BEGIN

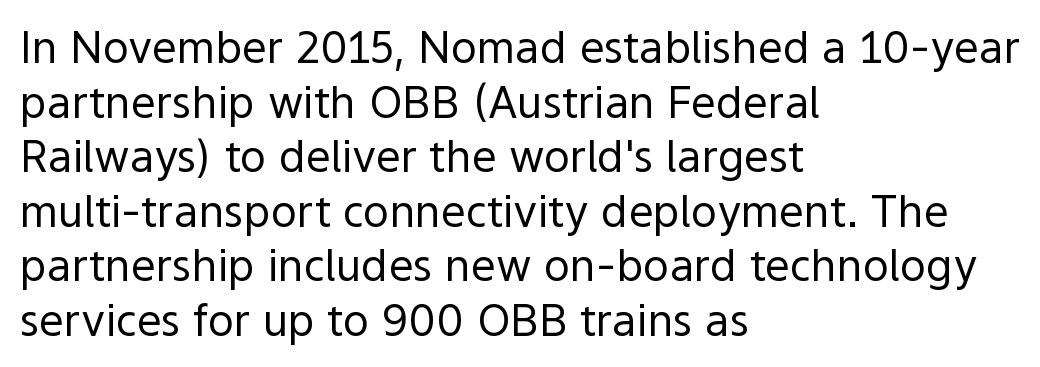
The strokes carry an ordinary text weight at most. Each letter's strokes conclude bluntly, with no projecting serifs. The line texture is even and compact thanks to regular tracking. Is the block centered? No — it sits flush against the left margin. This sample has the flowing, uneven cadence of proportional lettering.
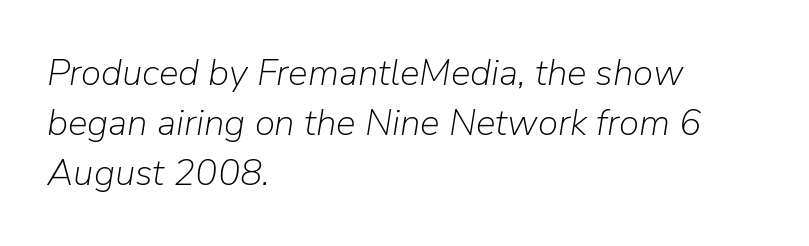
Q: Is the text bold? A: No.
Q: Is the text italic (slanted)? A: Yes, it leans right by about 9 degrees.
Q: Is the text underlined? A: No.
Q: How is the paragraph aligned? A: Left-aligned.
Q: Is the spacing between letters normal or unusually wide? A: Normal.
Q: Is the spacing between lines tight, normal or loose? A: Normal.
Q: Width (condensed, normal, or wide)? A: Normal.
Q: Stroke contrast? A: Low.
Q: x-height? A: Medium.
Q: Monospaced? A: No.
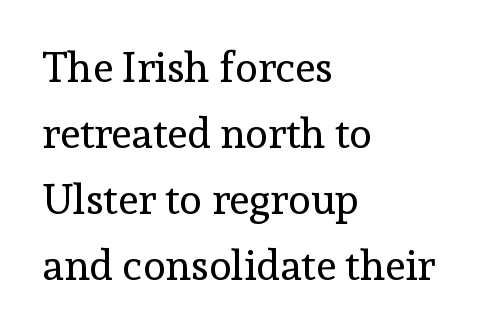
{"serif": "yes", "italic": "no", "bold": "no", "weight": "regular", "width": "normal", "x_height": "medium", "monospaced": "no", "underline": "no", "align": "left", "line_spacing": "normal", "line_spacing_ratio": 1.57, "letter_spacing": "normal", "letter_spacing_em": 0.0, "glyph_px": 42}

END

YOUR GOAL |
Reading through the records above, report each line in which the string "bold" is found.

ANSWER SECTION |
Q: Is the text bold? A: No.
{"serif": "yes", "italic": "no", "bold": "no", "weight": "regular", "width": "normal", "x_height": "medium", "monospaced": "no", "underline": "no", "align": "left", "line_spacing": "normal", "line_spacing_ratio": 1.57, "letter_spacing": "normal", "letter_spacing_em": 0.0, "glyph_px": 42}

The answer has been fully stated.